Dennis Dechaine, appearing in court in 2012 with Steven Peterson, his defense attorney at the time, was convicted of the 1988 murder of 12-year-old Sarah Cherry. Press Herald staff photo

Dennis Dechaine, who has been locked up for more than 30 years for the murder of a 12-year-old girl, is asking the court to consider granting him an evidentiary hearing for a new trial after DNA testing last fall cast doubt on the state’s allegations against him.

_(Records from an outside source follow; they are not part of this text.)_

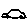
Label: car
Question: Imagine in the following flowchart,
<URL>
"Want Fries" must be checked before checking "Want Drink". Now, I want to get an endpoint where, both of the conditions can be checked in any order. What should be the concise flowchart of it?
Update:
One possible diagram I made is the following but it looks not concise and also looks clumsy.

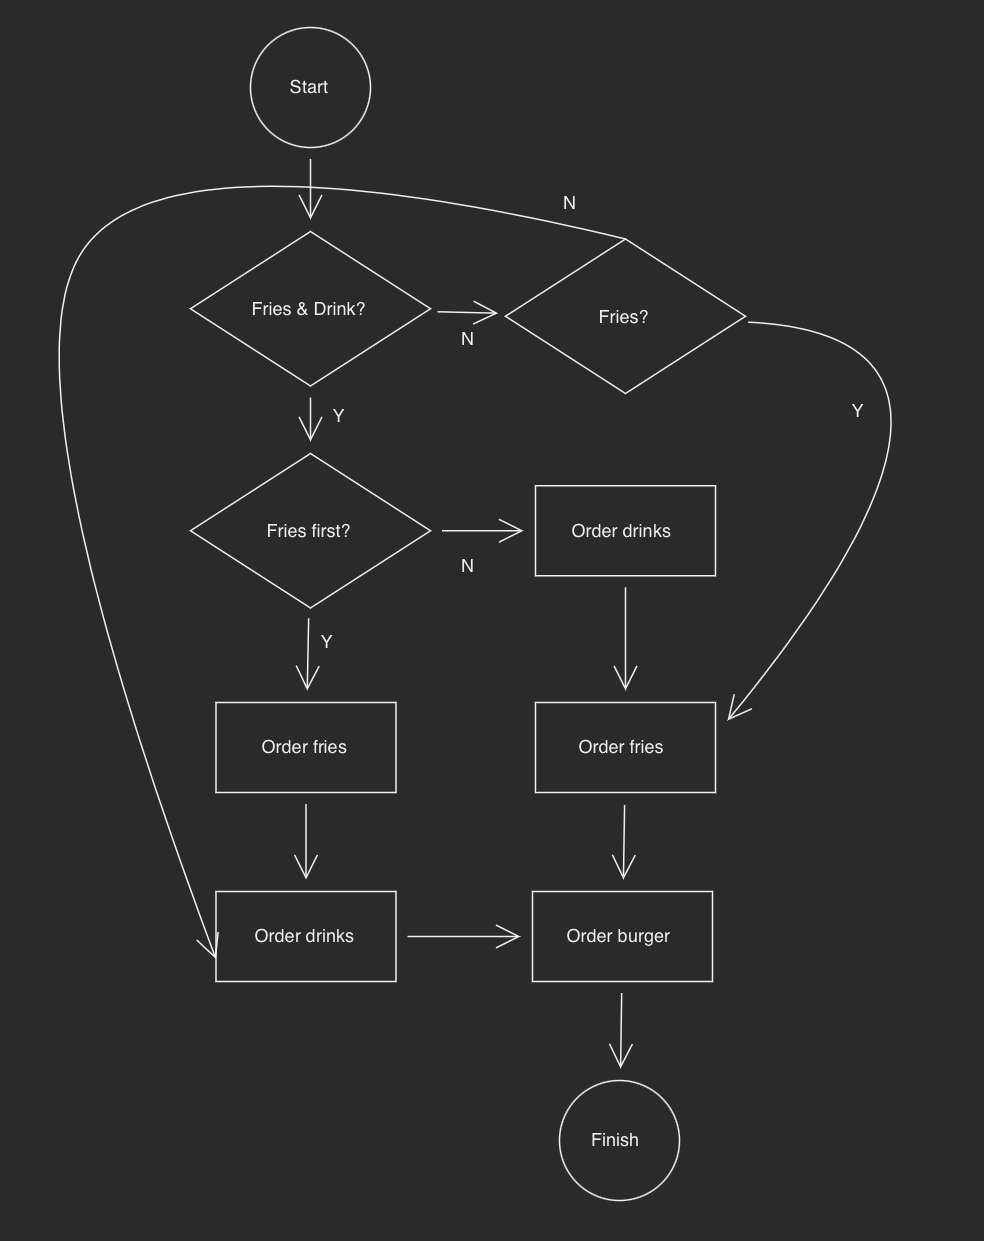
Answer: You can use and symbols to represent parallel processing. It indicates the start or end of a section of processes that can be done independently. The UML notation for fork and join is a straight line.
See the below picture. <URL>
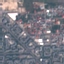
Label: Residential
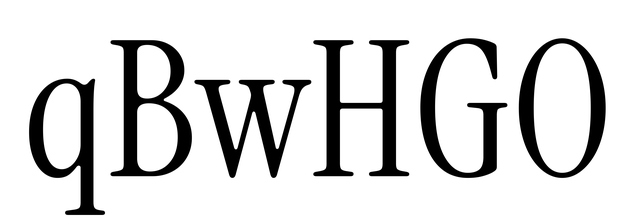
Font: InstrumentSerif-Regular
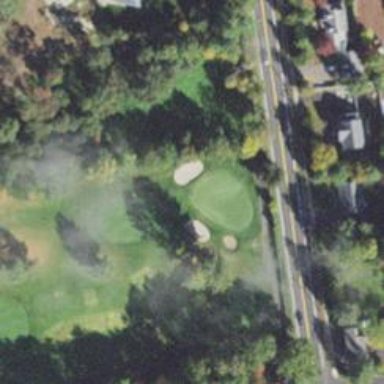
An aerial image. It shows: View of golf hole.
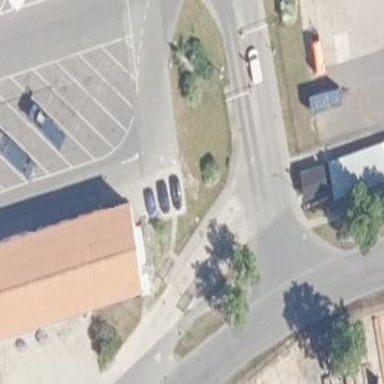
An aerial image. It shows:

Dechaine was convicted of the 1988 kidnapping and murder of Sarah Cherry, who was babysitting at a house in Bowdoin when she disappeared. Her body was found two days later in the woods three miles away, close to where Dechaine’s truck had been parked when he was picked up by police the night of the abduction.

Maine prosecutors have argued that personal items from Dechaine’s truck that were found at the house where Cherry was last seen – a notebook and a receipt with Dechaine’s name on it – link him to the crime.

However, new advanced DNA testing released in November did not find any conclusive links between Dechaine and several key DNA samples in the case.

His attorney, John Nale, is hoping that new evidence will compel a judge to order a hearing where he can argue it merits a new trial. Nale filed a memo in Knox County Superior Court Wednesday asking the judge to schedule an evidentiary hearing to consider the new testing.

“It is the lack of DNA evidence, together with the lack of all other physical trace evidence, that Mr. Dechaine maintains his innocence and believes a Maine jury would render a different verdict after hearing the evidence being presented herein,” Nale wrote.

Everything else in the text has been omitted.